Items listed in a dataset
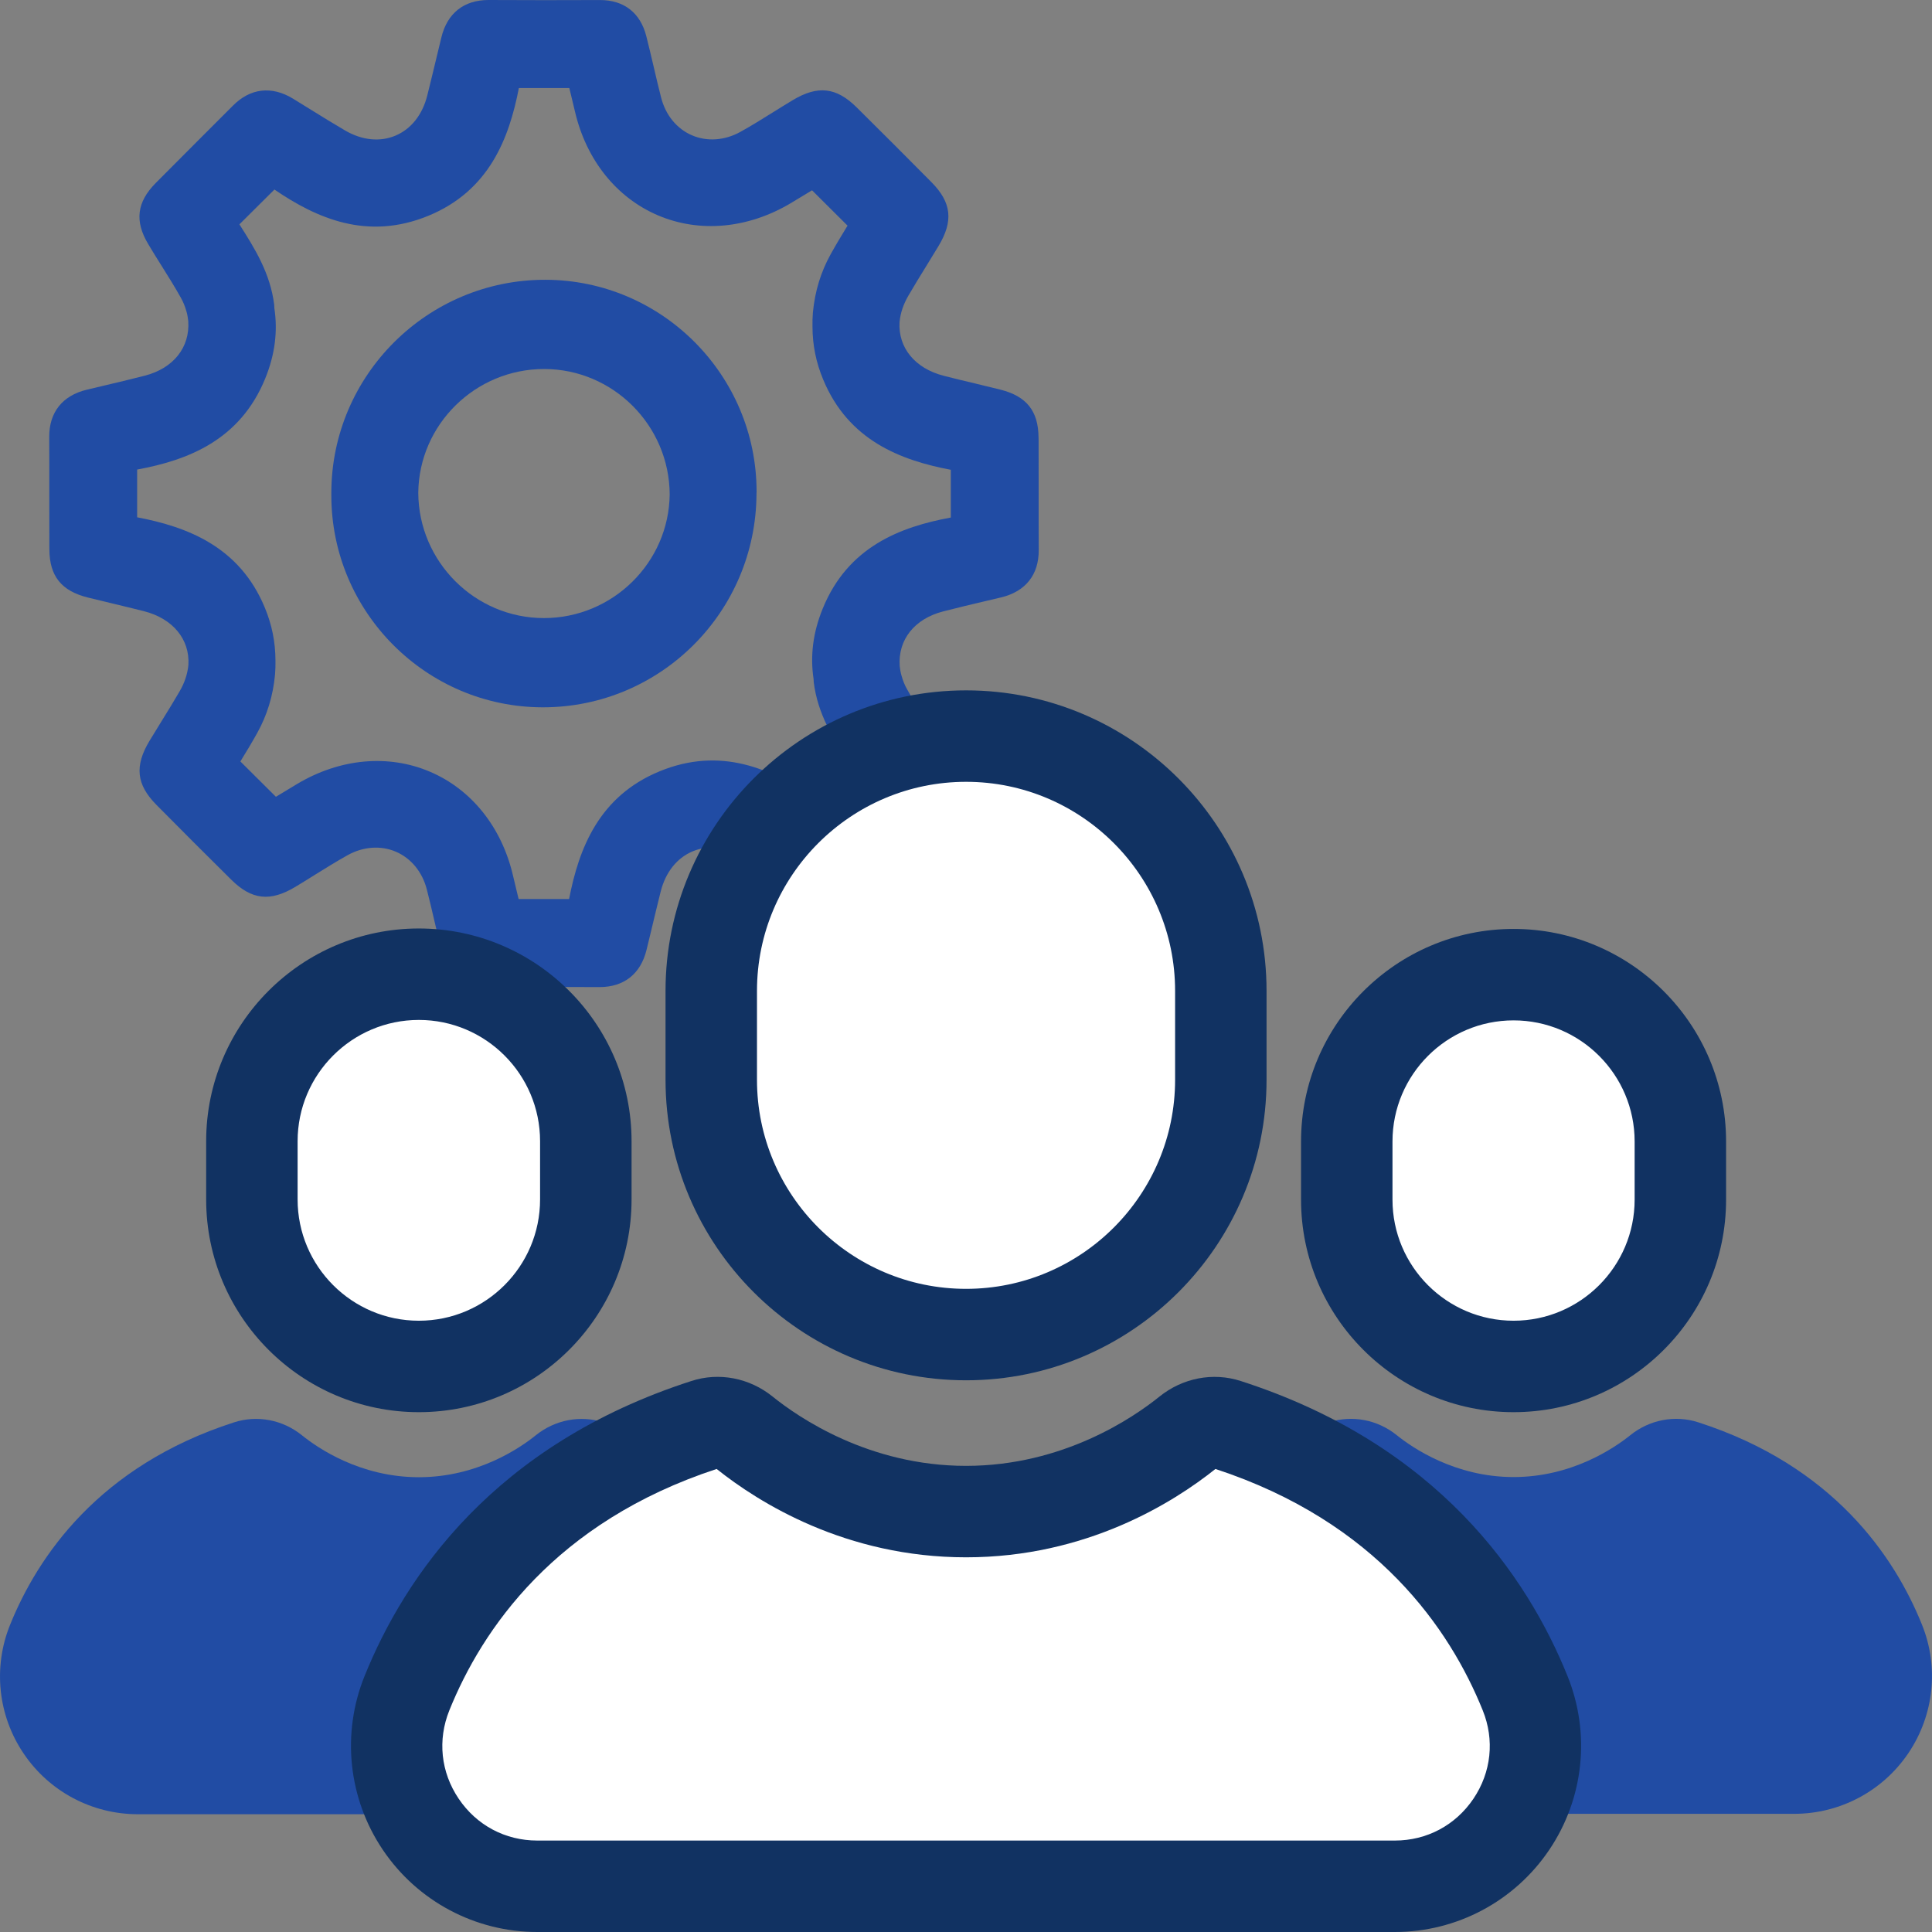 <svg width="48" height="48" viewBox="0 0 48 48" fill="none" xmlns="http://www.w3.org/2000/svg">
<rect x="0" y="0" width="48" height="48" fill="#808080" stroke="none"/>
<path d="M25.805 12.27C25.806 11.83 25.806 11.39 25.804 10.95C25.804 10.95 25.802 10.87 25.802 10.87C25.798 10.211 25.505 9.843 24.849 9.679L24.217 9.525C23.96 9.464 23.705 9.403 23.449 9.337C22.733 9.154 22.312 8.639 22.349 8.005C22.369 7.782 22.443 7.561 22.569 7.345C22.713 7.097 22.863 6.853 23.014 6.609L23.315 6.116C23.692 5.492 23.642 5.031 23.143 4.527C22.526 3.904 21.906 3.283 21.283 2.667C20.777 2.166 20.317 2.115 19.694 2.489C19.531 2.587 19.37 2.687 19.208 2.788C18.94 2.955 18.672 3.123 18.395 3.276C18.006 3.492 17.569 3.523 17.193 3.362C16.816 3.201 16.537 2.86 16.426 2.427C16.359 2.167 16.298 1.905 16.237 1.643C16.178 1.394 16.12 1.145 16.057 0.898C15.91 0.319 15.503 0.001 14.91 0.001H14.901C13.983 0.005 13.064 0.005 12.146 0H12.135C11.526 0 11.111 0.329 10.966 0.929L10.859 1.372C10.779 1.705 10.699 2.038 10.616 2.37C10.496 2.85 10.216 3.204 9.827 3.369C9.443 3.531 8.998 3.488 8.578 3.244C8.298 3.081 8.022 2.91 7.746 2.739L7.278 2.45C6.748 2.128 6.217 2.19 5.786 2.626L4.913 3.499C4.564 3.848 4.215 4.197 3.868 4.548C3.399 5.024 3.341 5.492 3.682 6.064C3.792 6.25 3.907 6.433 4.022 6.616C4.184 6.875 4.346 7.134 4.495 7.4C4.551 7.5 4.595 7.605 4.635 7.746C4.657 7.826 4.67 7.906 4.677 7.976C4.723 8.631 4.308 9.151 3.596 9.334C3.242 9.425 2.886 9.509 2.531 9.593L2.157 9.682C1.551 9.827 1.219 10.245 1.223 10.859C1.226 11.324 1.225 11.789 1.225 12.254C1.224 12.694 1.224 13.133 1.226 13.573C1.226 13.574 1.227 13.653 1.227 13.653C1.231 14.313 1.525 14.681 2.181 14.845L2.809 14.997C3.066 15.059 3.324 15.121 3.581 15.186C4.296 15.37 4.718 15.885 4.681 16.518C4.66 16.741 4.587 16.964 4.461 17.179C4.316 17.428 4.165 17.674 4.013 17.919L3.714 18.407C3.338 19.033 3.388 19.493 3.886 19.996C4.503 20.62 5.123 21.24 5.747 21.857C6.253 22.358 6.713 22.409 7.336 22.035C7.497 21.939 7.656 21.839 7.815 21.74C8.086 21.572 8.356 21.403 8.634 21.248C9.023 21.031 9.461 21 9.837 21.161C10.213 21.323 10.493 21.664 10.604 22.097C10.671 22.356 10.731 22.616 10.792 22.876C10.851 23.127 10.91 23.377 10.973 23.626C11.119 24.205 11.527 24.523 12.122 24.523H12.129C13.047 24.519 13.966 24.518 14.883 24.524H14.895C15.504 24.524 15.919 24.195 16.064 23.595L16.169 23.162C16.249 22.826 16.33 22.489 16.414 22.153C16.534 21.674 16.814 21.319 17.203 21.154C17.587 20.991 18.031 21.037 18.451 21.28C18.737 21.445 19.017 21.619 19.297 21.793L19.752 22.074C20.282 22.396 20.813 22.334 21.244 21.898L22.131 21.01C22.475 20.666 22.82 20.322 23.161 19.976C23.631 19.5 23.688 19.032 23.348 18.46C23.238 18.274 23.123 18.09 23.008 17.907C22.846 17.648 22.683 17.389 22.535 17.123C22.479 17.024 22.434 16.919 22.395 16.776C22.373 16.697 22.36 16.617 22.353 16.547C22.307 15.893 22.721 15.373 23.434 15.19C23.789 15.098 24.145 15.014 24.501 14.93L24.873 14.842C25.479 14.697 25.811 14.279 25.807 13.665C25.804 13.2 25.805 12.735 25.805 12.27ZM20.44 15.121C20.199 15.711 20.126 16.293 20.213 16.869C20.213 16.885 20.215 16.932 20.217 16.947C20.313 17.735 20.702 18.353 21.082 18.95L20.212 19.815C19.165 19.102 17.905 18.54 16.39 19.162C14.88 19.782 14.382 21.08 14.139 22.336H12.885L12.884 22.333C12.835 22.134 12.789 21.944 12.745 21.753C12.466 20.553 11.715 19.613 10.684 19.174C9.649 18.732 8.447 18.843 7.386 19.475L6.855 19.796L5.972 18.918C6.118 18.682 6.259 18.447 6.391 18.21C6.636 17.769 6.783 17.293 6.833 16.76C6.843 16.641 6.846 16.524 6.844 16.414C6.843 15.953 6.756 15.52 6.577 15.091C5.95 13.582 4.657 13.089 3.407 12.852V11.666C4.664 11.434 5.964 10.94 6.59 9.402C6.831 8.812 6.904 8.231 6.816 7.654C6.817 7.639 6.815 7.592 6.813 7.577C6.717 6.789 6.328 6.171 5.948 5.574L6.818 4.709C7.864 5.422 9.123 5.984 10.64 5.362C12.15 4.742 12.648 3.444 12.891 2.188H14.145L14.285 2.771C14.564 3.971 15.315 4.91 16.346 5.35C17.38 5.791 18.582 5.681 19.644 5.049L20.175 4.728L21.057 5.606C20.912 5.842 20.771 6.077 20.639 6.314C20.395 6.754 20.247 7.23 20.196 7.766C20.186 7.884 20.184 8.001 20.186 8.11C20.186 8.571 20.274 9.004 20.453 9.433C21.08 10.942 22.373 11.435 23.623 11.672V12.858C22.366 13.09 21.066 13.584 20.44 15.121Z" fill="#214CA4"/>
<path d="M13.551 6.951H13.54C10.623 6.951 8.243 9.317 8.232 12.23C8.232 12.231 8.232 12.311 8.232 12.312C8.234 15.207 10.588 17.567 13.479 17.573H13.49C16.407 17.573 18.787 15.207 18.795 12.26C18.796 12.25 18.797 12.223 18.797 12.212C18.795 9.317 16.442 6.957 13.551 6.951ZM13.513 15.356H13.51C11.799 15.354 10.399 13.955 10.392 12.242C10.409 10.546 11.81 9.168 13.517 9.168H13.52C15.231 9.169 16.63 10.569 16.638 12.282C16.621 13.977 15.22 15.356 13.513 15.356Z" fill="#214CA4"/>
<path d="M37.604 24.215H37.604C35.315 24.215 33.46 26.07 33.46 28.359V29.805C33.46 32.094 35.315 33.949 37.604 33.949H37.604C39.893 33.949 41.748 32.094 41.748 29.805V28.359C41.748 26.07 39.893 24.215 37.604 24.215Z" fill="white"/>
<path d="M37.604 35.085C34.692 35.085 32.324 32.717 32.324 29.805V28.359C32.324 25.448 34.692 23.079 37.604 23.079C40.515 23.079 42.884 25.448 42.884 28.359V29.805C42.884 32.717 40.515 35.085 37.604 35.085ZM37.604 25.351C35.945 25.351 34.596 26.7 34.596 28.359V29.805C34.596 31.463 35.945 32.813 37.604 32.813C39.263 32.813 40.612 31.463 40.612 29.805V28.359C40.612 26.7 39.263 25.351 37.604 25.351Z" fill="#113262"/>
<path d="M47.75 40.362C47.066 38.666 45.545 36.417 42.19 35.336C41.613 35.151 40.983 35.271 40.503 35.658C40.116 35.97 39.058 36.697 37.604 36.697C36.15 36.697 35.092 35.97 34.705 35.659C34.226 35.271 33.595 35.151 33.017 35.336C29.663 36.417 28.142 38.666 27.457 40.362C27.031 41.417 27.157 42.611 27.794 43.555C28.431 44.499 29.491 45.064 30.63 45.064H44.577C45.716 45.064 46.777 44.499 47.414 43.555C48.051 42.61 48.177 41.417 47.75 40.362Z" fill="#214CA4"/>
<path d="M10.406 24.204H10.406C8.115 24.204 6.258 26.061 6.258 28.353V29.8C6.258 32.091 8.115 33.949 10.406 33.949H10.406C12.697 33.949 14.555 32.091 14.555 29.8V28.353C14.555 26.061 12.697 24.204 10.406 24.204Z" fill="white"/>
<path d="M10.406 35.085C7.492 35.085 5.122 32.714 5.122 29.8V28.353C5.122 25.439 7.492 23.068 10.406 23.068C13.32 23.068 15.691 25.439 15.691 28.353V29.8C15.691 32.714 13.32 35.085 10.406 35.085ZM10.406 25.34C8.745 25.34 7.394 26.692 7.394 28.353V29.8C7.394 31.461 8.745 32.813 10.406 32.813C12.067 32.813 13.418 31.461 13.418 29.8V28.353C13.418 26.692 12.067 25.34 10.406 25.34Z" fill="#113262"/>
<path d="M20.563 40.37C20.563 40.37 20.563 40.37 20.563 40.37C19.878 38.672 18.355 36.42 14.998 35.339C14.422 35.152 13.79 35.273 13.309 35.661C12.922 35.974 11.863 36.701 10.406 36.701C8.949 36.701 7.891 35.974 7.503 35.66C7.022 35.272 6.39 35.152 5.815 35.338C2.457 36.42 0.935 38.672 0.25 40.369C-0.177 41.425 -0.051 42.62 0.586 43.564C1.223 44.51 2.285 45.074 3.425 45.074H17.387C18.527 45.074 19.588 44.51 20.227 43.565C20.864 42.62 20.99 41.425 20.563 40.37Z" fill="#214CA4"/>
<path d="M24.001 18.288H24.001C20.505 18.288 17.671 21.122 17.671 24.618V26.827C17.671 30.323 20.505 33.157 24.001 33.157H24.001C27.497 33.157 30.331 30.323 30.331 26.827V24.618C30.331 21.122 27.497 18.288 24.001 18.288Z" fill="white"/>
<path d="M24.002 34.293C19.884 34.293 16.535 30.944 16.535 26.827V24.618C16.535 20.501 19.884 17.152 24.002 17.152C28.118 17.152 31.467 20.501 31.467 24.618V26.827C31.467 30.944 28.118 34.293 24.002 34.293ZM24.002 19.424C21.137 19.424 18.807 21.754 18.807 24.618V26.827C18.807 29.691 21.137 32.021 24.002 32.021C26.865 32.021 29.195 29.691 29.195 26.827V24.618C29.195 21.754 26.865 19.424 24.002 19.424Z" fill="#113262"/>
<path d="M37.892 42.068C36.763 39.274 34.484 36.684 30.476 35.392C30.147 35.286 29.788 35.366 29.52 35.583C28.711 36.235 26.738 37.555 24.001 37.555C21.264 37.555 19.291 36.235 18.483 35.583C18.214 35.366 17.855 35.286 17.527 35.392C13.518 36.684 11.239 39.274 10.111 42.068C9.184 44.361 10.876 46.864 13.349 46.864H34.654C37.127 46.864 38.818 44.361 37.892 42.068Z" fill="white"/>
<path d="M34.654 48H13.349C11.809 48 10.374 47.237 9.512 45.96C8.651 44.683 8.481 43.069 9.057 41.642C10.056 39.169 12.276 35.89 17.179 34.31C17.865 34.087 18.62 34.233 19.196 34.698C19.837 35.215 21.587 36.419 24.001 36.419C26.415 36.419 28.165 35.215 28.806 34.698C29.382 34.234 30.137 34.088 30.824 34.31C35.727 35.89 37.947 39.169 38.945 41.642C39.521 43.069 39.352 44.683 38.49 45.96C37.628 47.237 36.194 48 34.654 48ZM17.805 36.496C13.788 37.814 11.976 40.481 11.164 42.493C10.867 43.229 10.951 44.03 11.396 44.689C11.841 45.349 12.553 45.728 13.349 45.728H34.654C35.449 45.728 36.161 45.349 36.607 44.689C37.051 44.03 37.136 43.229 36.838 42.493C36.026 40.481 34.215 37.814 30.197 36.496C29.154 37.329 26.992 38.691 24.001 38.691C21.011 38.691 18.849 37.329 17.805 36.496Z" fill="#113262"/>
</svg>

— Exercise directions —
Find "24.215H37.604C35.315 24.215 33.46" in the entries above and copy that whole line exactly, then each line after it through the line that contains "35.085C34.692 35.085 32.324".

— Output —
<path d="M37.604 24.215H37.604C35.315 24.215 33.46 26.07 33.46 28.359V29.805C33.46 32.094 35.315 33.949 37.604 33.949H37.604C39.893 33.949 41.748 32.094 41.748 29.805V28.359C41.748 26.07 39.893 24.215 37.604 24.215Z" fill="white"/>
<path d="M37.604 35.085C34.692 35.085 32.324 32.717 32.324 29.805V28.359C32.324 25.448 34.692 23.079 37.604 23.079C40.515 23.079 42.884 25.448 42.884 28.359V29.805C42.884 32.717 40.515 35.085 37.604 35.085ZM37.604 25.351C35.945 25.351 34.596 26.7 34.596 28.359V29.805C34.596 31.463 35.945 32.813 37.604 32.813C39.263 32.813 40.612 31.463 40.612 29.805V28.359C40.612 26.7 39.263 25.351 37.604 25.351Z" fill="#113262"/>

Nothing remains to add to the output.